:: Problem ::
The response must contain the complete data, printed exactly.

:: Exercise materials ::
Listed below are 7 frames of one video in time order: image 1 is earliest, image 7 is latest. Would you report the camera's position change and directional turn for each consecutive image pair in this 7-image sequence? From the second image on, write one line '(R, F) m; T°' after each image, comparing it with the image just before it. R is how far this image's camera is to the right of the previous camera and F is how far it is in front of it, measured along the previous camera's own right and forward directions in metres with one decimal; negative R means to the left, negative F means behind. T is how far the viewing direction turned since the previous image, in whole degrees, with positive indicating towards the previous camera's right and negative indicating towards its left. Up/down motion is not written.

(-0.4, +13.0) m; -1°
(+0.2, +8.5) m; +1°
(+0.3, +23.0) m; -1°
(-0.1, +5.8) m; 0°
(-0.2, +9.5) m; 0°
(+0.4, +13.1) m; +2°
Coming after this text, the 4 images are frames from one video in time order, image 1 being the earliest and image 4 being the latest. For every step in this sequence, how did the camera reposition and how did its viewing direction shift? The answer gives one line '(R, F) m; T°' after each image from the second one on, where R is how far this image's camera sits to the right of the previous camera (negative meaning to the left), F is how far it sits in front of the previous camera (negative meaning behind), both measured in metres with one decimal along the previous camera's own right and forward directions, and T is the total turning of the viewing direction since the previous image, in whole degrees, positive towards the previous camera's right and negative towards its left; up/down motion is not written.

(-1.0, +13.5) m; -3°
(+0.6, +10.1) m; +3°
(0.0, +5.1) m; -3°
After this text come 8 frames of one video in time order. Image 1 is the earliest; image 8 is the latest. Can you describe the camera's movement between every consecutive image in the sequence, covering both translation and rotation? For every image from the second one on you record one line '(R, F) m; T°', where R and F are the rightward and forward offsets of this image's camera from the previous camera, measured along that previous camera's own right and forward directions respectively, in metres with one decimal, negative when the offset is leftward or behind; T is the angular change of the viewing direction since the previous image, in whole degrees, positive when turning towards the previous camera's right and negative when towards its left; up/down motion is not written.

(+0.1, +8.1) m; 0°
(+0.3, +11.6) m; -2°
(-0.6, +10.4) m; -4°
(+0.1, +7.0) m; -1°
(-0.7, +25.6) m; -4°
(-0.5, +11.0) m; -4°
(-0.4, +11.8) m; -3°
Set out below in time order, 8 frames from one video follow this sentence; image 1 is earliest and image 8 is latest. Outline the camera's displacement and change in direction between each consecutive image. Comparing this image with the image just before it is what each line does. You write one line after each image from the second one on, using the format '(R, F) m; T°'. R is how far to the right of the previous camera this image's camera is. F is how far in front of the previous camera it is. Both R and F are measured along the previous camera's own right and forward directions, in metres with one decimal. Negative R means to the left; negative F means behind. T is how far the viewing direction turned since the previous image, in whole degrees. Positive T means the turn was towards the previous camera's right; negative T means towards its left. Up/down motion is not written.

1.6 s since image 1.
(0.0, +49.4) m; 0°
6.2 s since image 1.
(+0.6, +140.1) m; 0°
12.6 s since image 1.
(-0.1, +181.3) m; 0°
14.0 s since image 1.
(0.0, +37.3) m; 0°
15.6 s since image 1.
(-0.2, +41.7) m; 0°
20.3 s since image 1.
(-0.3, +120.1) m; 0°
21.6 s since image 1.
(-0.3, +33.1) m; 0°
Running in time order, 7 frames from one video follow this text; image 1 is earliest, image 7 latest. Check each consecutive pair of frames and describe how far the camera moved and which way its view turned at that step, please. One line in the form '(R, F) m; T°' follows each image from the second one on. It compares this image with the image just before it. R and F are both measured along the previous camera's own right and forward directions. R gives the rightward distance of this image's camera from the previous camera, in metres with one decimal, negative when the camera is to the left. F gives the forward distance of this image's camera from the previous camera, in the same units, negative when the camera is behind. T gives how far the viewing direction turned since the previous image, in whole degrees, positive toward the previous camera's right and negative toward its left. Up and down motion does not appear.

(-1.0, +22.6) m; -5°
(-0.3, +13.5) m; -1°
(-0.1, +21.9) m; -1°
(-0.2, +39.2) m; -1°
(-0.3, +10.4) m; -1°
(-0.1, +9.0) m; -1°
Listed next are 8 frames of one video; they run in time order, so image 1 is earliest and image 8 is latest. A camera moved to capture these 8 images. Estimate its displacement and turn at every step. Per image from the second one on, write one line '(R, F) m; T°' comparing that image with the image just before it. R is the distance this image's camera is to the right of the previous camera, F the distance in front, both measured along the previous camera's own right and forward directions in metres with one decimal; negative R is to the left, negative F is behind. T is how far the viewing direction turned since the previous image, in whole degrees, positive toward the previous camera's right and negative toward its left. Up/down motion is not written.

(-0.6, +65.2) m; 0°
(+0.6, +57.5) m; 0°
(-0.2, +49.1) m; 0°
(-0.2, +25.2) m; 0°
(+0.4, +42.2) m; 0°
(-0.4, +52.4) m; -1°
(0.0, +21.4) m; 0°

:: Result for this task ::
Listed below are 7 frames of one video in time order: image 1 is earliest, image 7 is latest. Would you report the camera's position change and directional turn for each consecutive image pair in this 7-image sequence? From the second image on, write one line '(R, F) m; T°' after each image, comparing it with the image just before it. R is how far this image's camera is to the right of the previous camera and F is how far it is in front of it, measured along the previous camera's own right and forward directions in metres with one decimal; negative R means to the left, negative F means behind. T is how far the viewing direction turned since the previous image, in whole degrees, with positive indicating towards the previous camera's right and negative indicating towards its left. Up/down motion is not written.

(-0.4, +13.0) m; -1°
(+0.2, +8.5) m; +1°
(+0.3, +23.0) m; -1°
(-0.1, +5.8) m; 0°
(-0.2, +9.5) m; 0°
(+0.4, +13.1) m; +2°
Coming after this text, the 4 images are frames from one video in time order, image 1 being the earliest and image 4 being the latest. For every step in this sequence, how did the camera reposition and how did its viewing direction shift? The answer gives one line '(R, F) m; T°' after each image from the second one on, where R is how far this image's camera sits to the right of the previous camera (negative meaning to the left), F is how far it sits in front of the previous camera (negative meaning behind), both measured in metres with one decimal along the previous camera's own right and forward directions, and T is the total turning of the viewing direction since the previous image, in whole degrees, positive towards the previous camera's right and negative towards its left; up/down motion is not written.

(-1.0, +13.5) m; -3°
(+0.6, +10.1) m; +3°
(0.0, +5.1) m; -3°
After this text come 8 frames of one video in time order. Image 1 is the earliest; image 8 is the latest. Can you describe the camera's movement between every consecutive image in the sequence, covering both translation and rotation? For every image from the second one on you record one line '(R, F) m; T°', where R and F are the rightward and forward offsets of this image's camera from the previous camera, measured along that previous camera's own right and forward directions respectively, in metres with one decimal, negative when the offset is leftward or behind; T is the angular change of the viewing direction since the previous image, in whole degrees, positive when turning towards the previous camera's right and negative when towards its left; up/down motion is not written.

(+0.1, +8.1) m; 0°
(+0.3, +11.6) m; -2°
(-0.6, +10.4) m; -4°
(+0.1, +7.0) m; -1°
(-0.7, +25.6) m; -4°
(-0.5, +11.0) m; -4°
(-0.4, +11.8) m; -3°
Set out below in time order, 8 frames from one video follow this sentence; image 1 is earliest and image 8 is latest. Outline the camera's displacement and change in direction between each consecutive image. Comparing this image with the image just before it is what each line does. You write one line after each image from the second one on, using the format '(R, F) m; T°'. R is how far to the right of the previous camera this image's camera is. F is how far in front of the previous camera it is. Both R and F are measured along the previous camera's own right and forward directions, in metres with one decimal. Negative R means to the left; negative F means behind. T is how far the viewing direction turned since the previous image, in whole degrees. Positive T means the turn was towards the previous camera's right; negative T means towards its left. Up/down motion is not written.

1.6 s since image 1.
(0.0, +49.4) m; 0°
6.2 s since image 1.
(+0.6, +140.1) m; 0°
12.6 s since image 1.
(-0.1, +181.3) m; 0°
14.0 s since image 1.
(0.0, +37.3) m; 0°
15.6 s since image 1.
(-0.2, +41.7) m; 0°
20.3 s since image 1.
(-0.3, +120.1) m; 0°
21.6 s since image 1.
(-0.3, +33.1) m; 0°
Running in time order, 7 frames from one video follow this text; image 1 is earliest, image 7 latest. Check each consecutive pair of frames and describe how far the camera moved and which way its view turned at that step, please. One line in the form '(R, F) m; T°' follows each image from the second one on. It compares this image with the image just before it. R and F are both measured along the previous camera's own right and forward directions. R gives the rightward distance of this image's camera from the previous camera, in metres with one decimal, negative when the camera is to the left. F gives the forward distance of this image's camera from the previous camera, in the same units, negative when the camera is behind. T gives how far the viewing direction turned since the previous image, in whole degrees, positive toward the previous camera's right and negative toward its left. Up and down motion does not appear.

(-1.0, +22.6) m; -5°
(-0.3, +13.5) m; -1°
(-0.1, +21.9) m; -1°
(-0.2, +39.2) m; -1°
(-0.3, +10.4) m; -1°
(-0.1, +9.0) m; -1°
Listed next are 8 frames of one video; they run in time order, so image 1 is earliest and image 8 is latest. A camera moved to capture these 8 images. Estimate its displacement and turn at every step. Per image from the second one on, write one line '(R, F) m; T°' comparing that image with the image just before it. R is the distance this image's camera is to the right of the previous camera, F the distance in front, both measured along the previous camera's own right and forward directions in metres with one decimal; negative R is to the left, negative F is behind. T is how far the viewing direction turned since the previous image, in whole degrees, positive toward the previous camera's right and negative toward its left. Up/down motion is not written.

(-0.6, +65.2) m; 0°
(+0.6, +57.5) m; 0°
(-0.2, +49.1) m; 0°
(-0.2, +25.2) m; 0°
(+0.4, +42.2) m; 0°
(-0.4, +52.4) m; -1°
(0.0, +21.4) m; 0°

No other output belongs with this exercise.